SENSIBILIZAÇÃO À DIVERSIDADE LINGUÍSTICA E CULTURAL PARA UMA INSERÇÃO CURRICULAR

1. Da biodiversidade à diversidade linguística e cultural algumas considerações

2.2 Sensibilização à diversidade linguística e cultural pressupostos e dimensões

Tendo como ponto as considerações que tecemos nos pontos anteriores, verificamos a existência de uma vontade política para a criação de condições, em termos curriculares, de uma crescente valorização das línguas e culturas e, naturalmente, para a importância da sensibilização à diversidade linguística e cultural (SDLC). Nesta linha, o desenvolvimento da competência plurilingue para um diálogo intercultural tem-se assumido como um dos vectores essenciais das políticas educativas europeias e nacionais, ganhando especial relevo nos contextos formais de aprendizagem, quer teóricos quer práticos.
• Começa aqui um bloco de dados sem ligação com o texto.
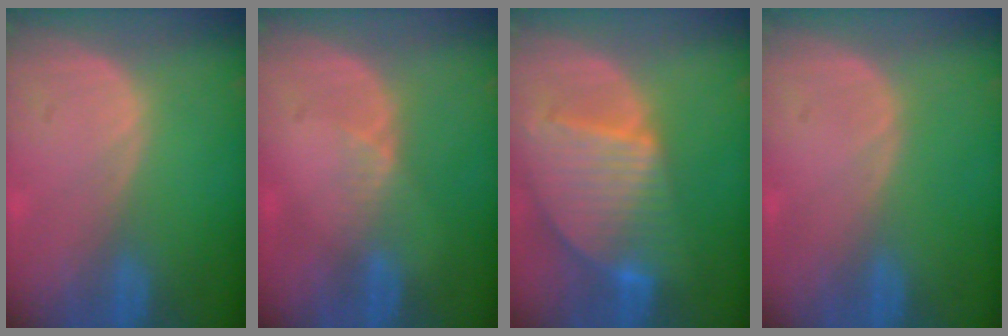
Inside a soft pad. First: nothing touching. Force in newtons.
{"total": 2.0, "press": 1.6, "slide": 1.3}
{"total": 9.6, "press": 8.2, "slide": 4.8}
{"total": 0.0}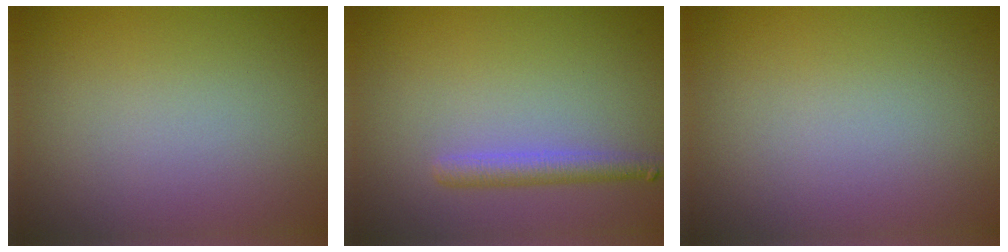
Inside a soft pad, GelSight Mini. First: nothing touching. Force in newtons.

De facto de acordo com Byram & Planet (2000: 12), ―la communication n‘est pas seulement une question d‘échange d‘informations. Elle implique également une interaction avec d‘autres individus, la compréhension de leur mode de vie, de leurs croyances, de leurs valeurs et de leur comportement‖.

Neste contexto, a sensibilização à diversidade linguística e cultural pode ser um factor positivo no reforço da imagem da diversidade, procurando que os alunos adquiram interesse e curiosidade por outras línguas e culturas.

Neste sentido, Hawkins (1999) apresenta uma maneira de abordar o estudo das línguas que denomina por language awareness, que incide sobre a consciência linguística, na importância de desenvolver nos alunos saberes sobre a língua, saberes que são mobilizados no contacto e comparação do sistema linguístico do aluno com outros sistemas linguísticos. O autor propõe actividades linguísticas em cinco domínios: a comunicação (descobrir o que faz especificamente a linguagem humana); a diversidade e evolução das línguas assim como o seu funcionamento (normas gramaticais); o seu uso (variedades geográficas, sociais,…); a língua falada e a língua escrita (os diferentes sistemas de leitura e escrita); e a aprendizagem das línguas.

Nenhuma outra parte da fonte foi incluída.